For an appsec buyer evaluating Chai-class systems today, the discipline is the same one the 2025 study imposes: treat every quantitative claim as needing its own source anchor, treat every agent finding as needing human confirmation, and treat the dependency-graph propagation as the durable idea regardless of how the headline count holds up under review. The preprint is a strong structural argument wearing a strong-sounding result. The argument is what will outlive the next round of corrections. The result is what will be checked first.

Frequently Asked Questions

How does Chai’s finding rate compare to agentic results on other security benchmarks?

The closest published reference point is CyberChainBench, a smart-contract benchmark, where the best agent-model configuration scored 37.5% on detection, 43.7% on exploitation, and 23.4% on patching.

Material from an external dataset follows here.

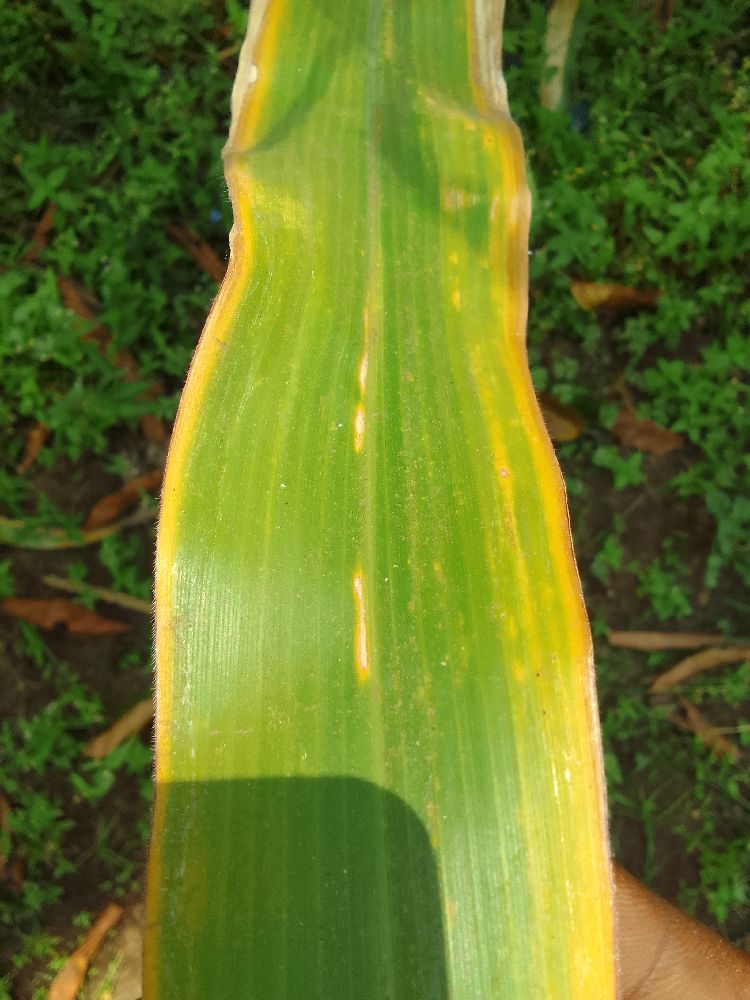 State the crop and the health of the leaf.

maize, maize lethal necrosis

Those numbers anchor where agentic security reasoning currently ceilings out on a comparable vuln-discovery task, and they explain why Chai confines the agent to library-level confirmation and offloads consumer-level propagation to a deterministic graph traversal.

What is the blast radius if the agent misclassifies a library-level discrepancy?

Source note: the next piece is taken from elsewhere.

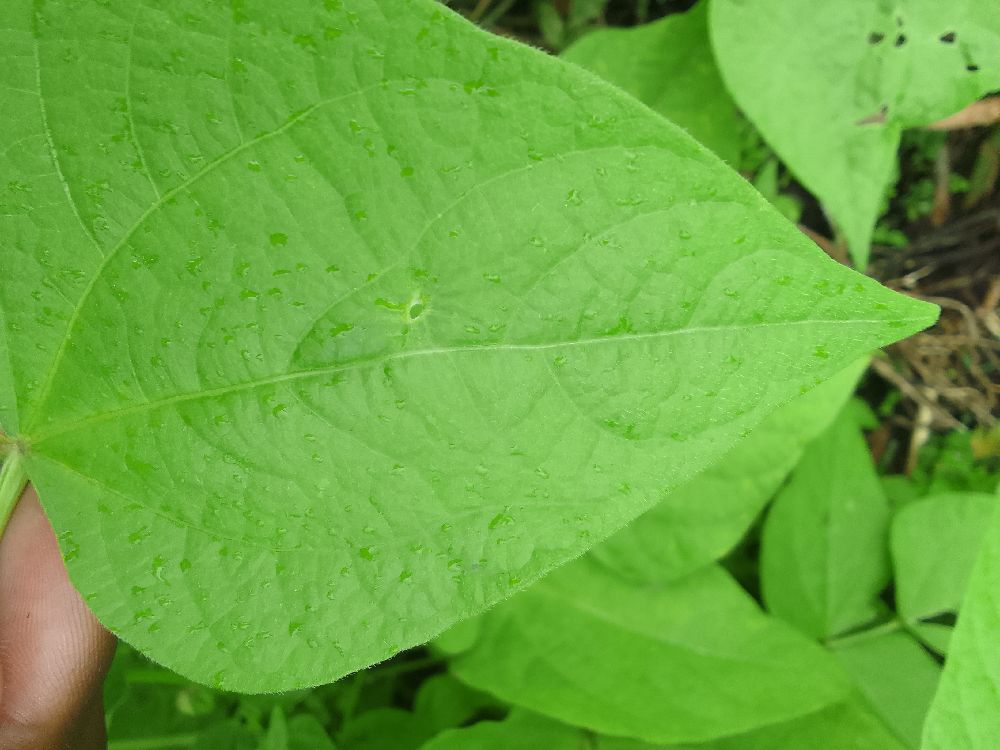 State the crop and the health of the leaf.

common bean, healthy

A false positive at the library level does not stay local. Chai propagates each confirmed flaw across the dependency graph, so a single misclassified divergence becomes a finding in every downstream consumer that transitively imports the library. The abstract publishes no per-library precision figure, which means the spread of one agent error is unmeasured in the preprint.

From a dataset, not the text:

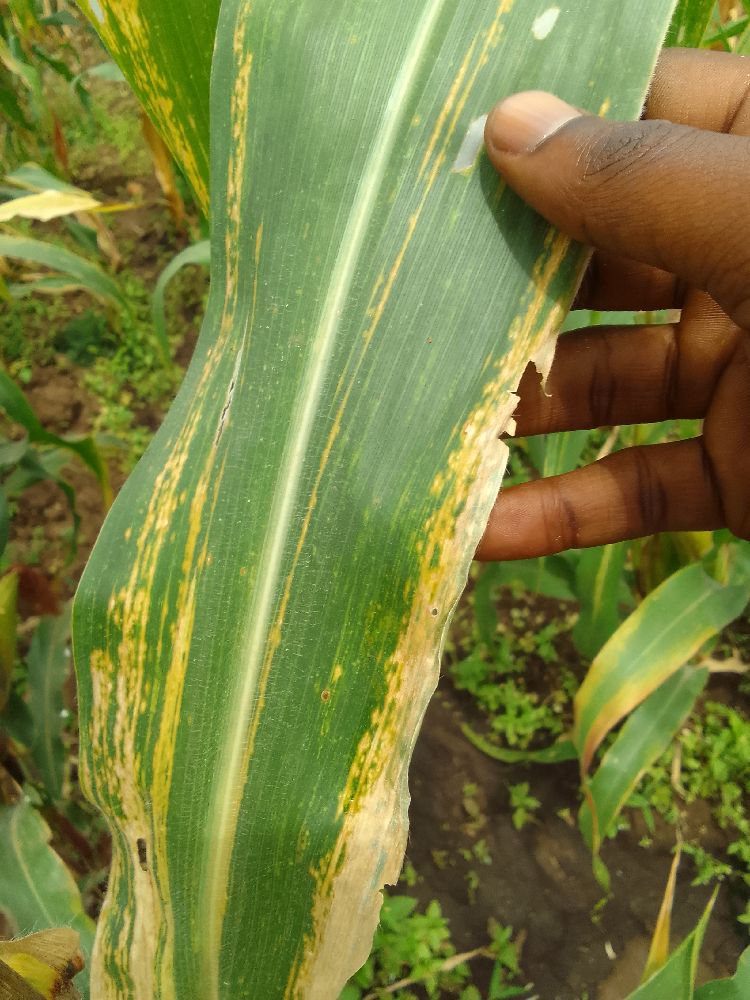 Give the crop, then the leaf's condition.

maize, maize lethal necrosis

Why are X.509, JWT, and SAML the only protocols in the evaluation?

All three are protocols with multiple independent implementations against a shared specification, which is the precondition for differential testing to produce a discrepancy in the first place. A protocol with a single canonical implementation gives Chai nothing to compare against, and a protocol where implementation divergences are spec-permissible rather than defective would generate leads the agent has no grounds to confirm.

What would force SAST vendors to absorb this capability rather than price it as a separate product?

The forcing function is whether protocol-context reasoning can be expressed as a query. If the composition checks Chai’s agent performs collapse into a CodeQL or Semgrep rule pack, the capability folds into the existing scan and the standalone product loses its wedge. If the reasoning stays irreducibly per-primitive and requires an LLM call per finding, the standalone product keeps its margin and SAST vendors tier it rather than own it outright.